The recently implemented new printing system (#30) allows to very generally generate textual representation of any expression. This includes tree-like structures that would be suitable to being written to a text file (and that can be re-instantiated by simple evaluation). E.g. from the test of the new qnet.printing.srepr function:

>>> hs1 = LocalSpace('q_1', basis=('g', 'e'))
>>> hs2 = LocalSpace('q_2', basis=('g', 'e'))
>>> ket_g1 = BasisKet('g', hs=hs1)
>>> ket_e1 = BasisKet('e', hs=hs1)
>>> ket_g2 = BasisKet('g', hs=hs2)
>>> ket_e2 = BasisKet('e', hs=hs2)
>>> bell1 = (ket_e1 * ket_g2 - I * ket_g1 * ket_e2) / sympy.sqrt(2)

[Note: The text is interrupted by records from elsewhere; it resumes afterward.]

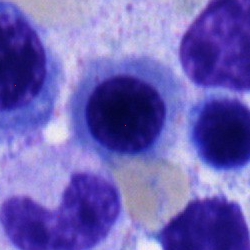

Single-cell crop from a bone marrow smear: nucleated red blood cell.
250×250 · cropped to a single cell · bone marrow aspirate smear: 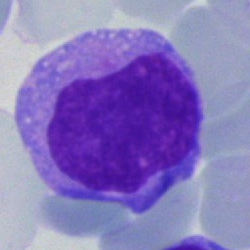
Undifferentiated blast.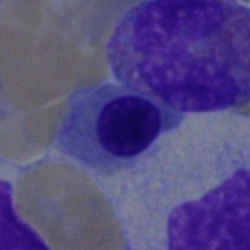 {"cell_type": "nucleated red blood cell", "lineage": "erythroid"}
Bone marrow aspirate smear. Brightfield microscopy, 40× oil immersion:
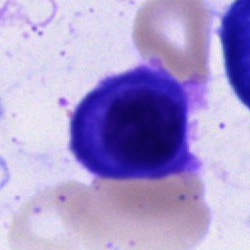

Plasma cell.
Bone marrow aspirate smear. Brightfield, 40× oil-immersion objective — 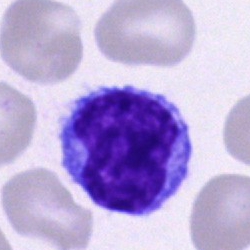Classification = typical lymphocyte.

>>> srepr(bell1, indented=True)
ScalarTimesKet(
    Mul(Rational(1, 2), Pow(Integer(2), Rational(1, 2))),
    KetPlus(
        TensorKet(
            BasisKet(
                'e',
                hs=LocalSpace(
                    'q_1',
                    basis=('g', 'e'),
                    dimension=2,
                ),
            ),
            BasisKet(
                'g',
                hs=LocalSpace(
                    'q_2',
                    basis=('g', 'e'),
                    dimension=2,
                ),
            ),
        ),
        ScalarTimesKet(
            Mul(Integer(-1), I),
            TensorKet(
                BasisKet(
                    'g',
                    hs=LocalSpace(
                        'q_1',
                        basis=('g', 'e'),
                        dimension=2,
                    ),
                ),
                BasisKet(
                    'e',
                    hs=LocalSpace(
                        'q_2',
                        basis=('g', 'e'),
                        dimension=2,
                    ),
                ),
            ),
        ),
    ),
)

In the future, something like a JSON or XML printer could easily be added as an appropriate sublass of qnet.printing.Printer, if there is demand for this.